Task prompt → Exactly the lines from the first line of the records to the line holding "#65 = AXIS2_PLACEMENT_3D('',#66,#67,#68);" should be duplicated, and nothing more; pictures stay out.

[Given entries — start]

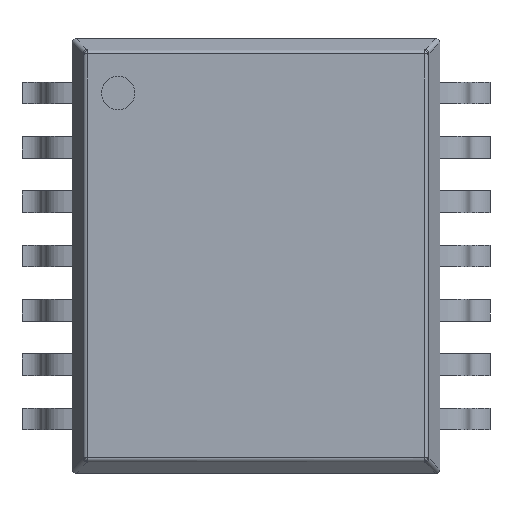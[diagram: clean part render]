
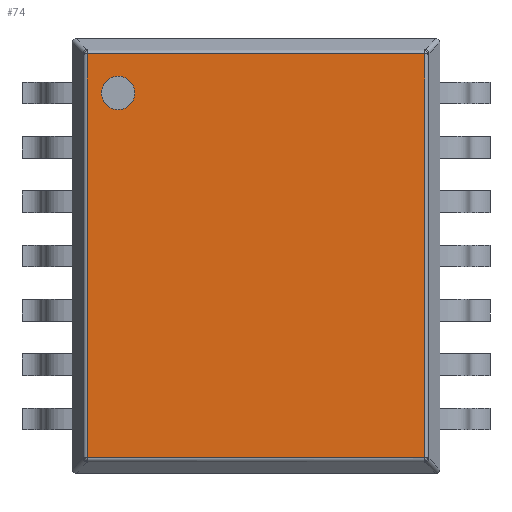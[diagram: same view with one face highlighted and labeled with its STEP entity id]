
A CAD part, top view. The second image highlights one B-rep face of the part: STEP entity #74.
In plain terms, the highlighted planar face has unit normal (0, 0, 1).
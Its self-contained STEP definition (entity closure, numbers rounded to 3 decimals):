
#54 = VERTEX_POINT('',#55);
#55 = CARTESIAN_POINT('',(-1.45,1.95,1.1));
#63 = EDGE_CURVE('',#54,#54,#64,.T.);
#64 = CIRCLE('',#65,0.2);
#65 = AXIS2_PLACEMENT_3D('',#66,#67,#68);
#66 = CARTESIAN_POINT('',(-1.65,1.95,1.1));
#67 = DIRECTION('',(0.,0.,1.));
#68 = DIRECTION('',(1.,0.,0.));
#74 = ADVANCED_FACE('',(#75,#109),#112,.T.);
#75 = FACE_BOUND('',#76,.T.);
#76 = EDGE_LOOP('',(#77,#87,#95,#103));
#77 = ORIENTED_EDGE('',*,*,#78,.F.);
#78 = EDGE_CURVE('',#79,#81,#83,.T.);
#79 = VERTEX_POINT('',#80);
#80 = CARTESIAN_POINT('',(-2.017,2.417,1.1));
#81 = VERTEX_POINT('',#82);
#82 = CARTESIAN_POINT('',(2.017,2.417,1.1));
#83 = LINE('',#84,#85);
#84 = CARTESIAN_POINT('',(-2.05,2.417,1.1));
#85 = VECTOR('',#86,1.);
#86 = DIRECTION('',(1.,0.,0.));
#87 = ORIENTED_EDGE('',*,*,#88,.T.);
#88 = EDGE_CURVE('',#79,#89,#91,.T.);
#89 = VERTEX_POINT('',#90);
#90 = CARTESIAN_POINT('',(-2.017,-2.417,1.1));
#91 = LINE('',#92,#93);
#92 = CARTESIAN_POINT('',(-2.017,2.45,1.1));
#93 = VECTOR('',#94,1.);
#94 = DIRECTION('',(0.,-1.,0.));
#95 = ORIENTED_EDGE('',*,*,#96,.T.);
#96 = EDGE_CURVE('',#89,#97,#99,.T.);
#97 = VERTEX_POINT('',#98);
#98 = CARTESIAN_POINT('',(2.017,-2.417,1.1));
#99 = LINE('',#100,#101);
#100 = CARTESIAN_POINT('',(-2.05,-2.417,1.1));
#101 = VECTOR('',#102,1.);
#102 = DIRECTION('',(1.,0.,0.));
#103 = ORIENTED_EDGE('',*,*,#104,.F.);
#104 = EDGE_CURVE('',#81,#97,#105,.T.);
#105 = LINE('',#106,#107);
#106 = CARTESIAN_POINT('',(2.017,2.45,1.1));
#107 = VECTOR('',#108,1.);
#108 = DIRECTION('',(0.,-1.,0.));
#109 = FACE_BOUND('',#110,.T.);
#110 = EDGE_LOOP('',(#111));
#111 = ORIENTED_EDGE('',*,*,#63,.F.);
#112 = PLANE('',#113);
#113 = AXIS2_PLACEMENT_3D('',#114,#115,#116);
#114 = CARTESIAN_POINT('',(-2.05,2.6,1.1));
#115 = DIRECTION('',(0.,0.,1.));
#116 = DIRECTION('',(1.,0.,0.));

[Given entries — finish]

Reply →
[diagram: clean part render]
[diagram: same view with one face highlighted and labeled with its STEP entity id]
A CAD part, top view. The second image highlights one B-rep face of the part: STEP entity #74.
In plain terms, the highlighted planar face has unit normal (0, 0, 1).
Its self-contained STEP definition (entity closure, numbers rounded to 3 decimals):
#54 = VERTEX_POINT('',#55);
#55 = CARTESIAN_POINT('',(-1.45,1.95,1.1));
#63 = EDGE_CURVE('',#54,#54,#64,.T.);
#64 = CIRCLE('',#65,0.2);
#65 = AXIS2_PLACEMENT_3D('',#66,#67,#68);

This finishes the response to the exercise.